→ WORK INSTRUCTIONS
Your answer must be an exact copy of the records below, with every picture left out.

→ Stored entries
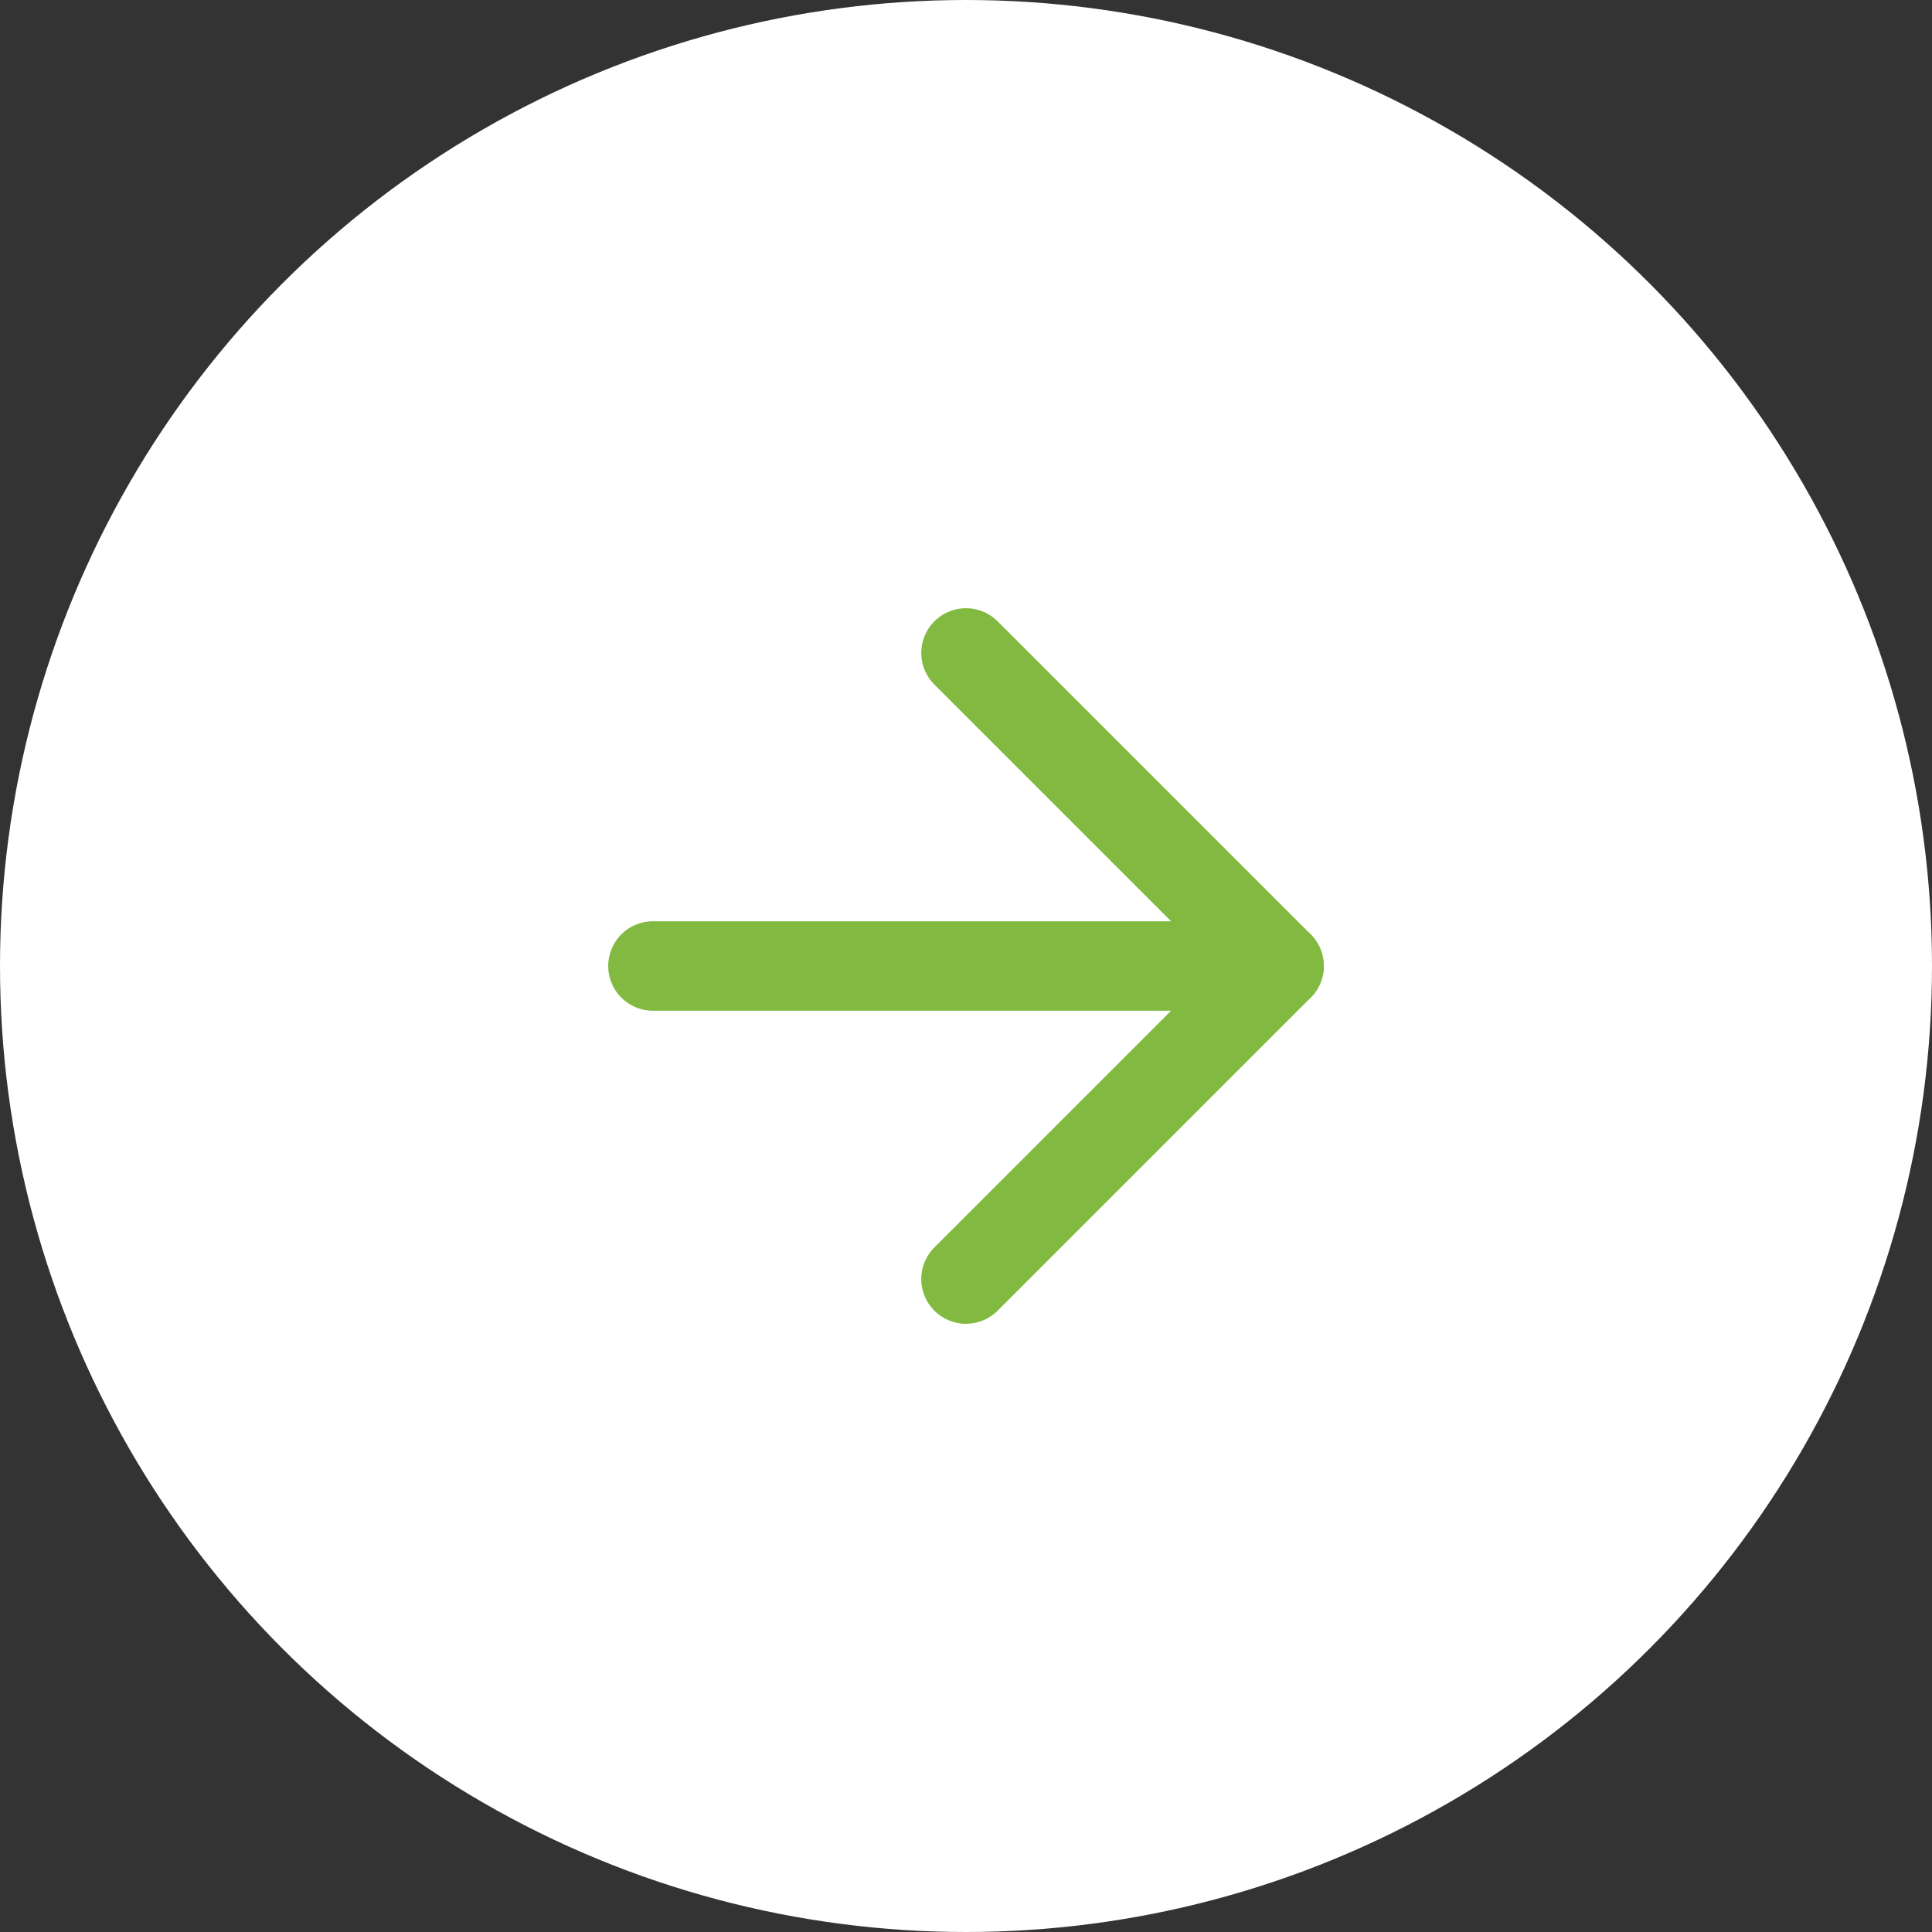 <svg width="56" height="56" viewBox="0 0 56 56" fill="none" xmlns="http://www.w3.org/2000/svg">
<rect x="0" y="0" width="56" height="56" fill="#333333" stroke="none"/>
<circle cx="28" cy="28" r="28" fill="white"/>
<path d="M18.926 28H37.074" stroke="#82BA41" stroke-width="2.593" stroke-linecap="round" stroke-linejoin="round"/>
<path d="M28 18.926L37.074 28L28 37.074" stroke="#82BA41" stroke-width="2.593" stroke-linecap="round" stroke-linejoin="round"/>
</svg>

→ REPLY TO THE TASK
 <svg width="56" height="56" viewBox="0 0 56 56" fill="none" xmlns="http://www.w3.org/2000/svg">
<rect x="0" y="0" width="56" height="56" fill="#333333" stroke="none"/>
<circle cx="28" cy="28" r="28" fill="white"/>
<path d="M18.926 28H37.074" stroke="#82BA41" stroke-width="2.593" stroke-linecap="round" stroke-linejoin="round"/>
<path d="M28 18.926L37.074 28L28 37.074" stroke="#82BA41" stroke-width="2.593" stroke-linecap="round" stroke-linejoin="round"/>
</svg>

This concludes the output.